● **Task**:
Nothing but the lines from the one that holds "Two aerial photos of one place in France, from 2014" through the end of the material should be repeated, each exactly as it stands, and pictures stay out.

-- Opening Marker --

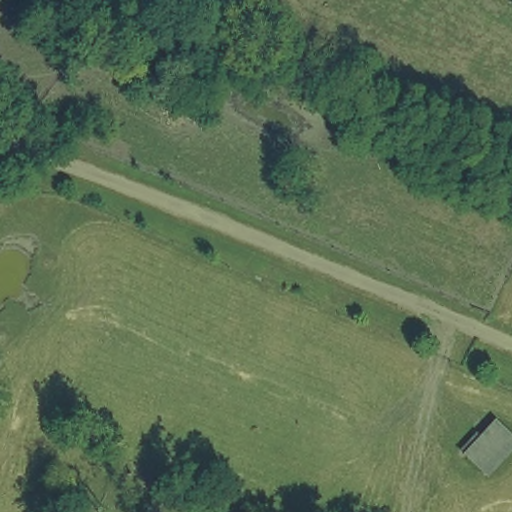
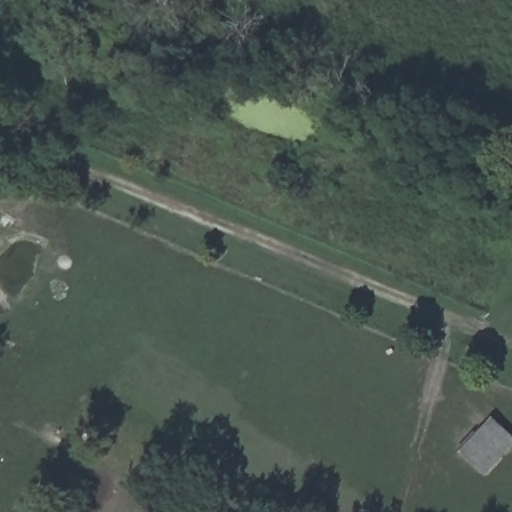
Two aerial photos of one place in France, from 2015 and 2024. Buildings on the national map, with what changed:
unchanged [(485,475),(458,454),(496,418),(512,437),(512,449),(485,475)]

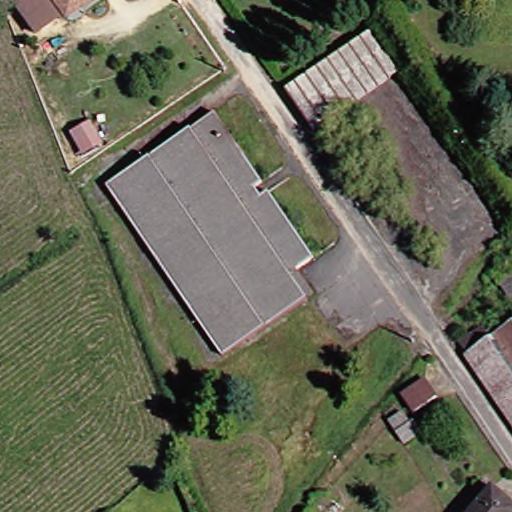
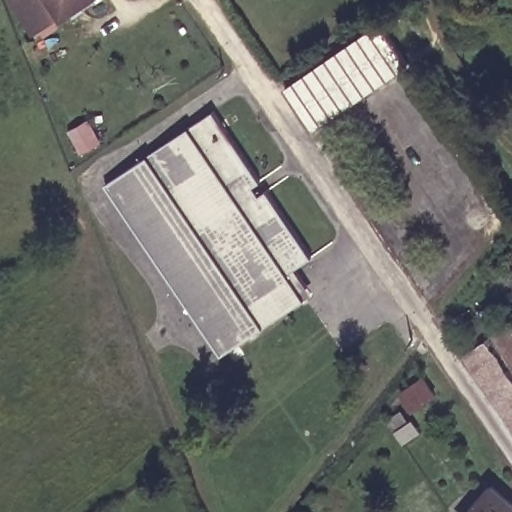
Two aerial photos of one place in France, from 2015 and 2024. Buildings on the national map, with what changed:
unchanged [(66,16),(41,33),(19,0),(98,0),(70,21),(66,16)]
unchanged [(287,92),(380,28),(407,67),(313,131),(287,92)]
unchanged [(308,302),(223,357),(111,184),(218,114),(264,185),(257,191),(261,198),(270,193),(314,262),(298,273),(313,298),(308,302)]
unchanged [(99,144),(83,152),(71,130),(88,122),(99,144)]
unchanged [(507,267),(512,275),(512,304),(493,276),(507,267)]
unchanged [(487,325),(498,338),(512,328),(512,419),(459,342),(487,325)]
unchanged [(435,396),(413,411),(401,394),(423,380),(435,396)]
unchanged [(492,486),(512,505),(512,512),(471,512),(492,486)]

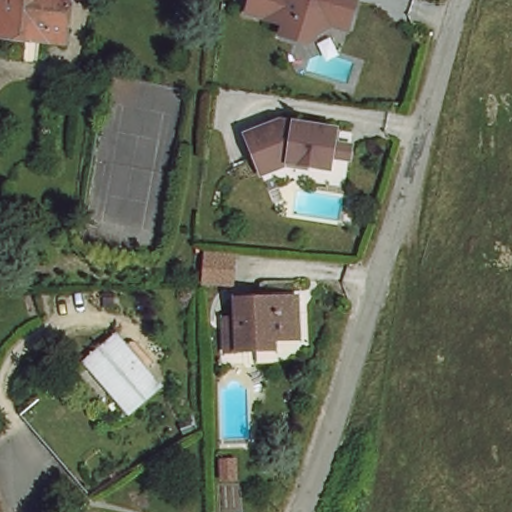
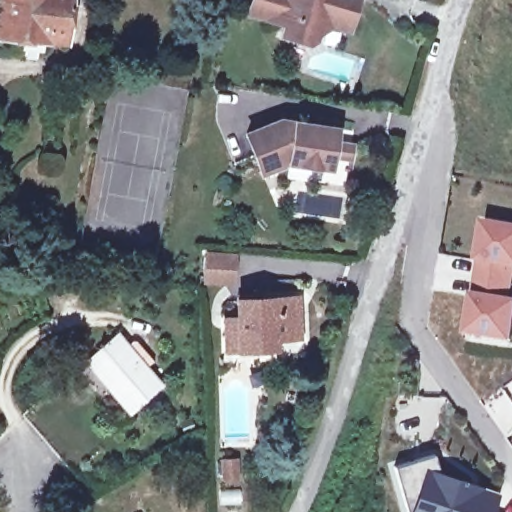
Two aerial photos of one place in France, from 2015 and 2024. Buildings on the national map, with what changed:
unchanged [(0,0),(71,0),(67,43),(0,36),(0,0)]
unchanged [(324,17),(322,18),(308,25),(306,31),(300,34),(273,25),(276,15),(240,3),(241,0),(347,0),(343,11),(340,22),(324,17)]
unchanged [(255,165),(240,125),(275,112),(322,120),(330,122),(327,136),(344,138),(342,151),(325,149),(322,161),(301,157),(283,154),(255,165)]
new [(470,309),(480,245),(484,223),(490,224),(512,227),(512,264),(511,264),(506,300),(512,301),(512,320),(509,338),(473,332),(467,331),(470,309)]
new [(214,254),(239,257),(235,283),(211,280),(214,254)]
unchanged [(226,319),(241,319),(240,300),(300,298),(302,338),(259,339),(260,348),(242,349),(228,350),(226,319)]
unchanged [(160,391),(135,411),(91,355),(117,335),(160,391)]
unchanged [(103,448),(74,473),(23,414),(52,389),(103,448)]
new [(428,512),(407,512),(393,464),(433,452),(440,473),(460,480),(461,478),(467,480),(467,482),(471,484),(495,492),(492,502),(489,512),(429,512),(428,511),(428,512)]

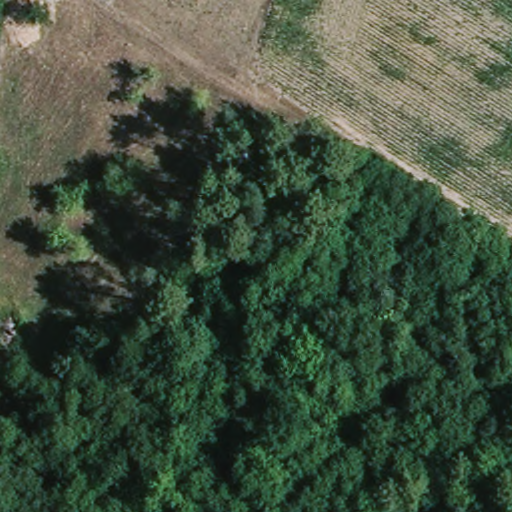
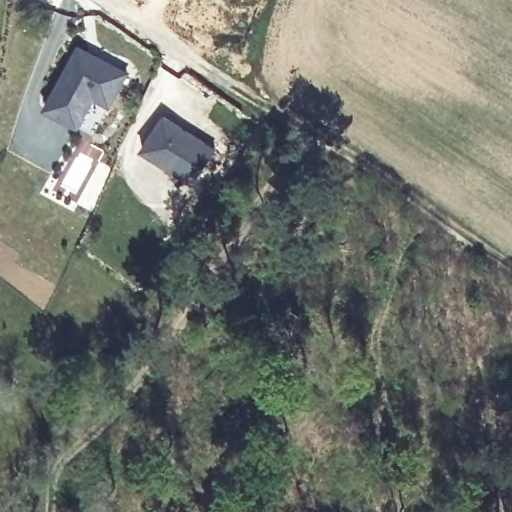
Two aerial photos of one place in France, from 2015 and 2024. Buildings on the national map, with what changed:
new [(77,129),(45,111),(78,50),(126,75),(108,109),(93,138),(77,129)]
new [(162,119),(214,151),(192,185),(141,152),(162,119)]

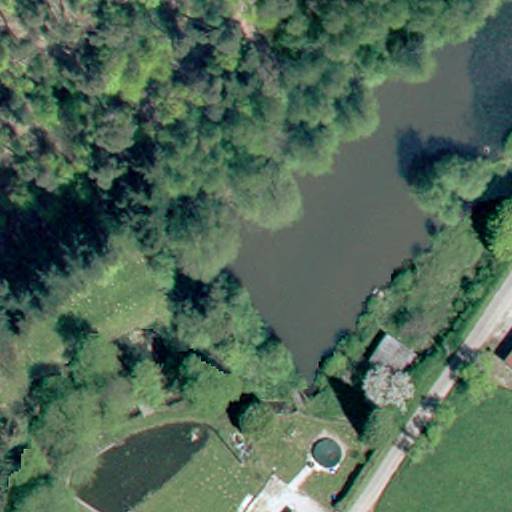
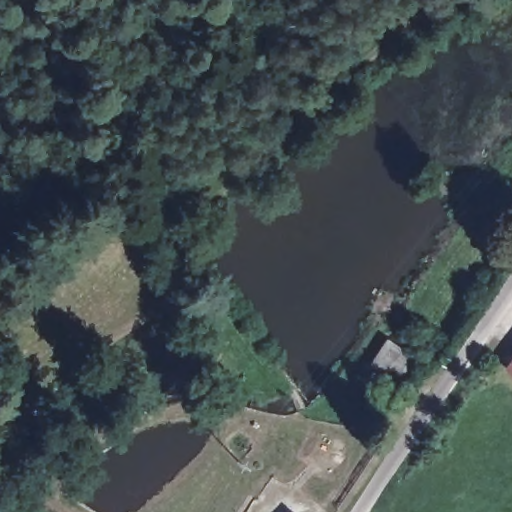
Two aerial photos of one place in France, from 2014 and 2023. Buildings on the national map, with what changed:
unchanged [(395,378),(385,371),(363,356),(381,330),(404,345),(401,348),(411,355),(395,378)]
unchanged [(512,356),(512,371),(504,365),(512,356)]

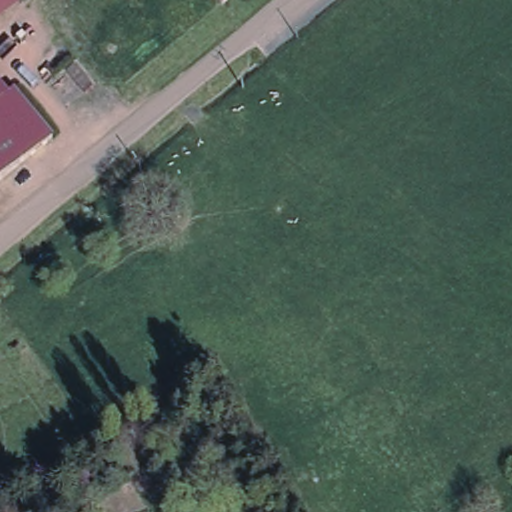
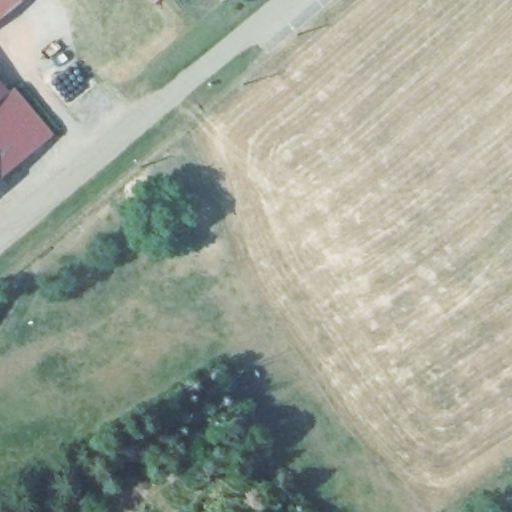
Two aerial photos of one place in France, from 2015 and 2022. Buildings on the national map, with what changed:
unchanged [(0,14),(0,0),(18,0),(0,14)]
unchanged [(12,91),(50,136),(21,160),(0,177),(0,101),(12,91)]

-- Closing Marker --

● **Response to this exercise**:
Two aerial photos of one place in France, from 2014 and 2023. Buildings on the national map, with what changed:
unchanged [(395,378),(385,371),(363,356),(381,330),(404,345),(401,348),(411,355),(395,378)]
unchanged [(512,356),(512,371),(504,365),(512,356)]

Two aerial photos of one place in France, from 2015 and 2022. Buildings on the national map, with what changed:
unchanged [(0,14),(0,0),(18,0),(0,14)]
unchanged [(12,91),(50,136),(21,160),(0,177),(0,101),(12,91)]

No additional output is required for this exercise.